Performance

SCAMP is extremely fast, especially on Tesla series GPUs. I belive this repository contains the fastest code in existance for computing the matrix profile. If you find a way to improve the speed of SCAMP, or compute matrix profiles any faster than SCAMP does, please let me know, I would be glad to point to your work and incorporate any improvements that can be made to SCAMP.

Notes on CPU performance

SCAMP’s CPU performance is very good. However, how performant it is depends heavily on the compiler you use. Newer compilers are better, clang v6 or greater tends to work best. Newer versions of GCC can work as well. MSVC tends to be slower. There can be up to a 10x (perhaps more) difference depending on the compiler you use. This is related to how different compilers have varying levels of support for autovectorization.

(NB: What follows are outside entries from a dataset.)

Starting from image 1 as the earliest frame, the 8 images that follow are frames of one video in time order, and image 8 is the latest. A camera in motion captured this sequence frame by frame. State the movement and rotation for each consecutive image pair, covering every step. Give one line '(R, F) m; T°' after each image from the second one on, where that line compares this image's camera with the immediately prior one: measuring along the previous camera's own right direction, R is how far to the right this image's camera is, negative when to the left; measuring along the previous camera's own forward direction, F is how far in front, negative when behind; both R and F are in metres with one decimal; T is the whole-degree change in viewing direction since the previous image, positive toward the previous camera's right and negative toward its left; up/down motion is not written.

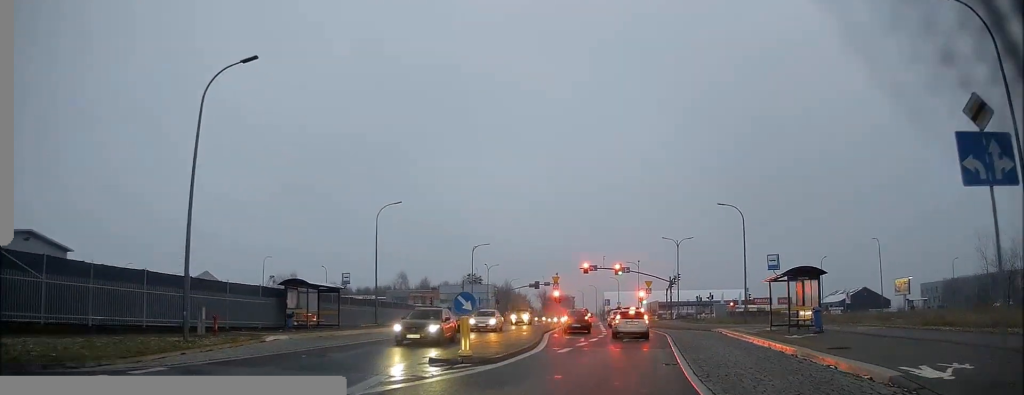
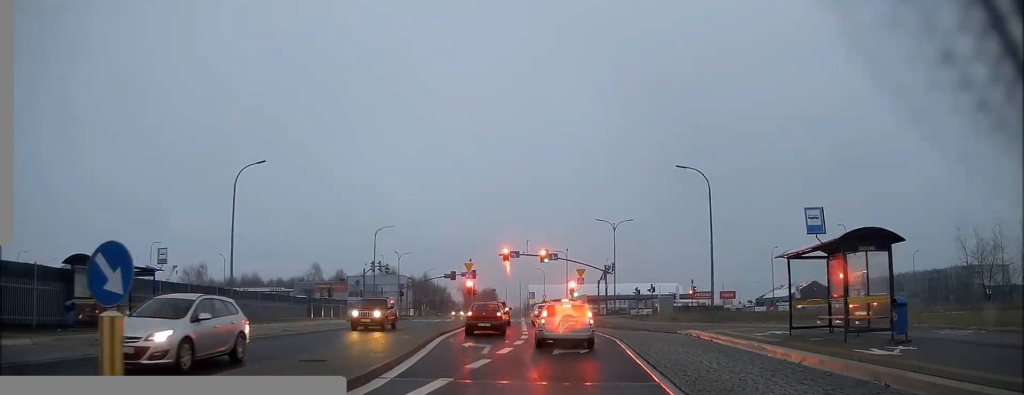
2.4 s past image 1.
(+0.9, +10.3) m; +9°
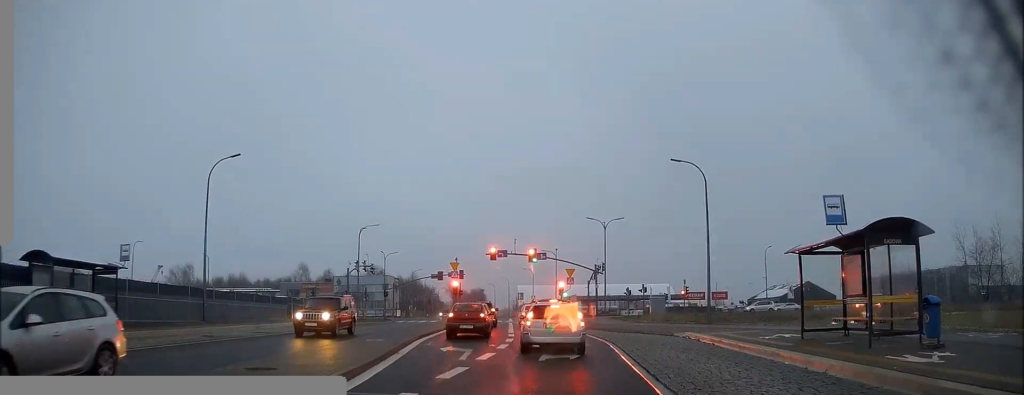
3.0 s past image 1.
(+0.2, +1.6) m; +3°
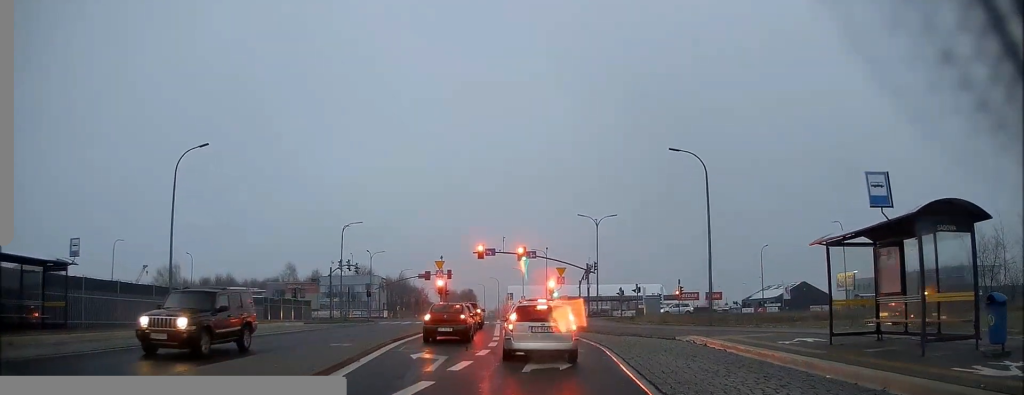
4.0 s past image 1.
(+0.1, +2.5) m; +3°
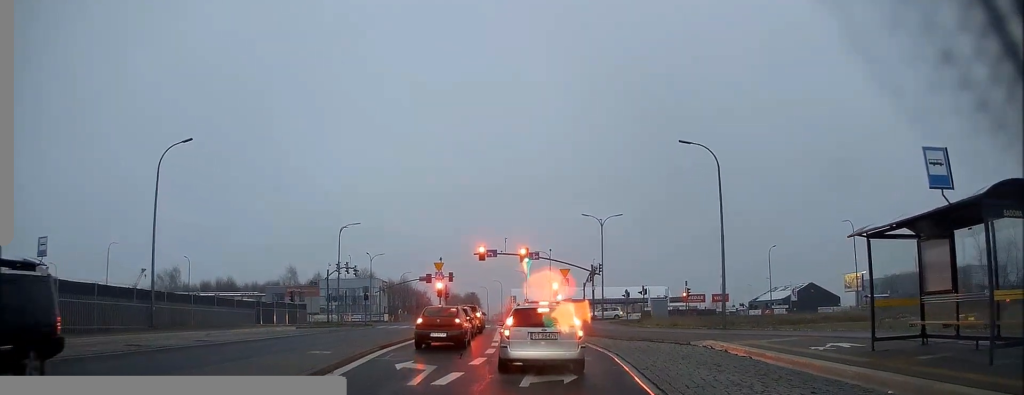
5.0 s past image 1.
(0.0, +1.9) m; 0°
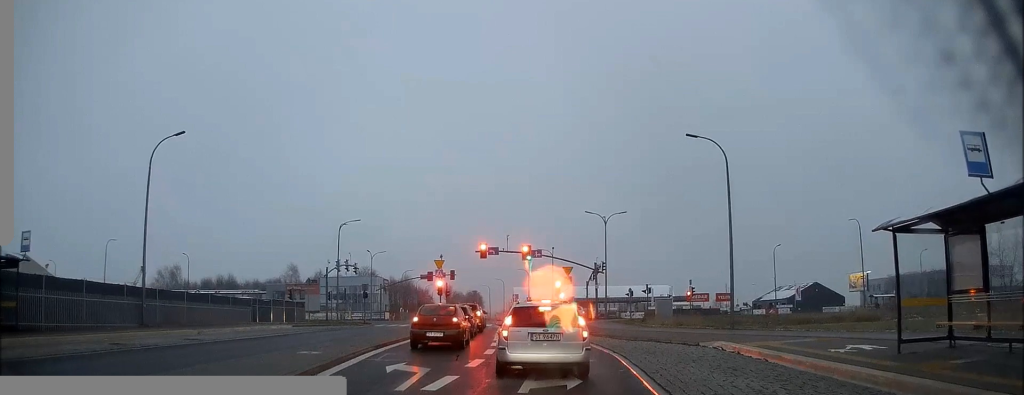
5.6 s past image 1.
(0.0, +0.8) m; 0°
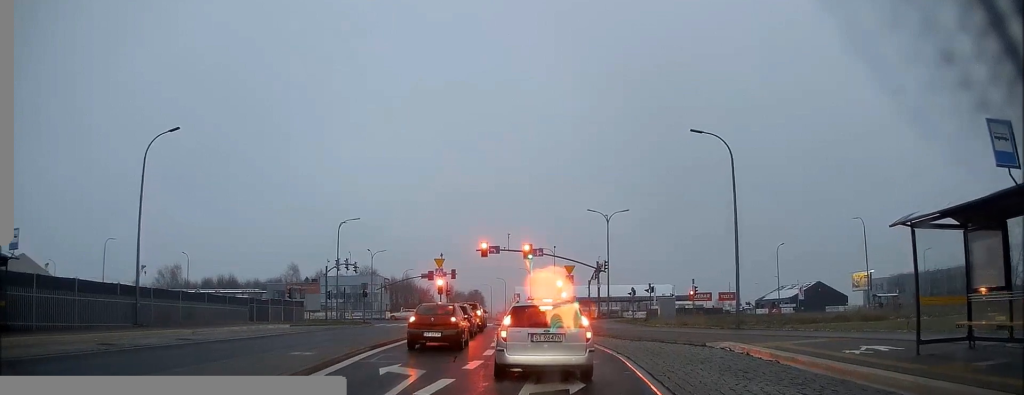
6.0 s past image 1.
(0.0, +0.5) m; 0°
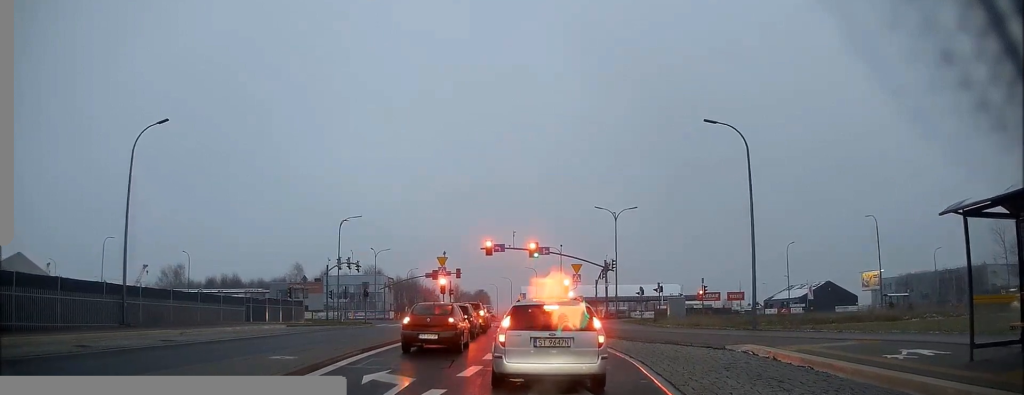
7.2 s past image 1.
(-0.1, +1.3) m; 0°
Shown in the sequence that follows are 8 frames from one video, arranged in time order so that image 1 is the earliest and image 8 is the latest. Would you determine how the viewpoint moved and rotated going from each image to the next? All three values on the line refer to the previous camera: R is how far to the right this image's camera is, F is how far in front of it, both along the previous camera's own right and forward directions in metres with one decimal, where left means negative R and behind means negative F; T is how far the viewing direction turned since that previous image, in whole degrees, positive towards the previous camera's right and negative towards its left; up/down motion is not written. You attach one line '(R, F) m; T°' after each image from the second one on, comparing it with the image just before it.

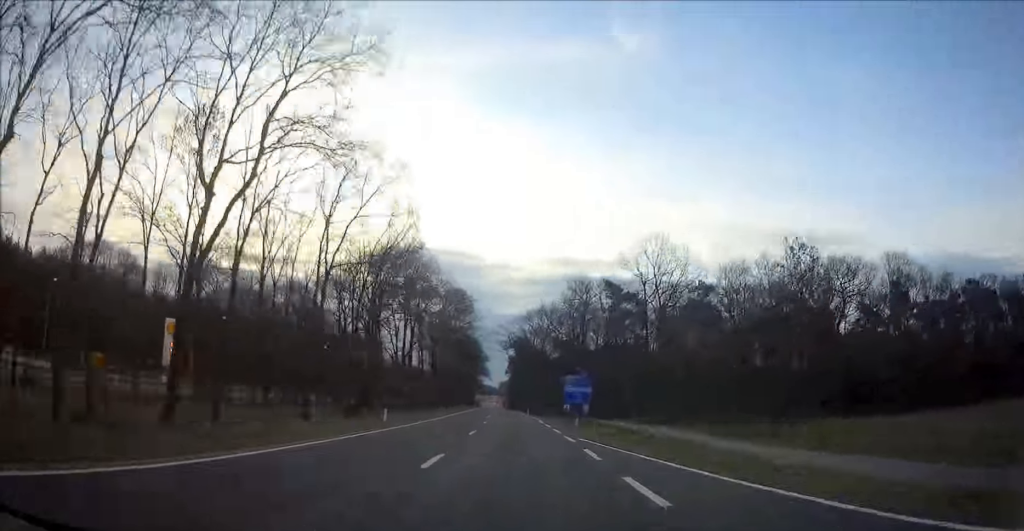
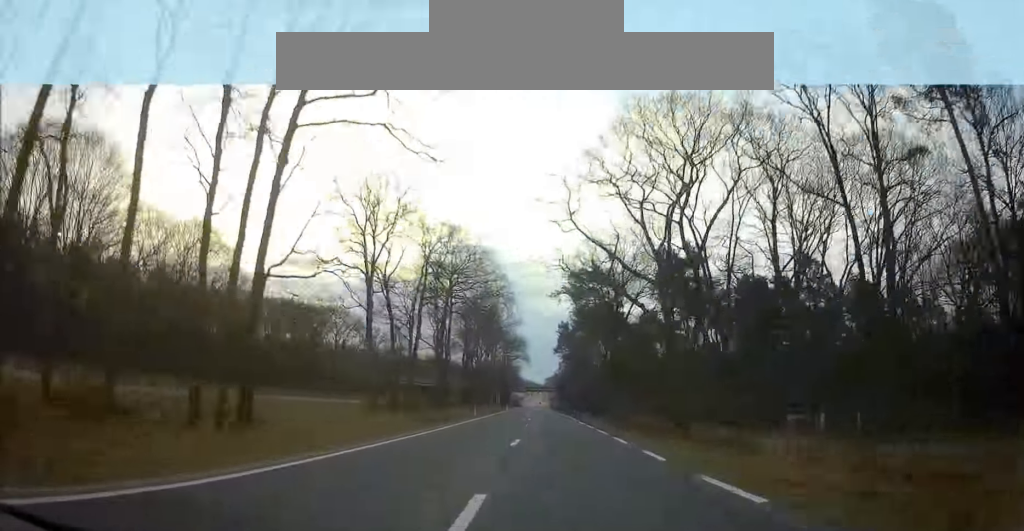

Precomputation performance

When enabling the --ultra_precision flag in the SCAMP CLI, or specifying the precision='ultra' option in pyscamp, the method for precomputing the necessary statisics for the matrix profile computation uses an O(nm) algorithm to compute the subsequence means and norms. This computation can become a bottleneck if you specify an extremely large subsequence length.

The timing results below do not use this option. All experiments were performed in double precision.

Performance Comparisons

The included performance tests showcase SCAMP’s performance up to an input size of 16M datapoints; however, as we have shown in our publications SCAMP is scalable to hundreds of millions of datapoints and even billions of datapoints with the right hardware.

SCAMP GPU Performance

In the figure above we show the runtime in seconds for SCAMP’s various profile types (self-join) on 2 P100 GPUs.

SCAMP KNN Performance

In the figure above we show the runtime in seconds for SCAMP’s approximate KNN (--profile_type=ALL_NEIGHBORS) matrix profile, while varying K and the input size on 2 P100 GPUs.

You can see that SCAMP maintains good performance relative to the baseline 1NN_INDEX matrix profile up to at least K=20, which should be sufficient for almost all practioners. All measurements were made with random data with the initial threshold set to 0 correlation (close to the worst case for KNN).

SCAMP vs Others

The above figure illustrates SCAMP’s performance versus STUMPY which is a popular matrix profile implementation.

As can be seen above SCAMP on 2x P100 GPUs much faster than STUMPY, when STUMPY is running on 16x V100 GPUs, which are about ~2x more powerful than P100s individually. This is several orders of magnitude of difference in processing power.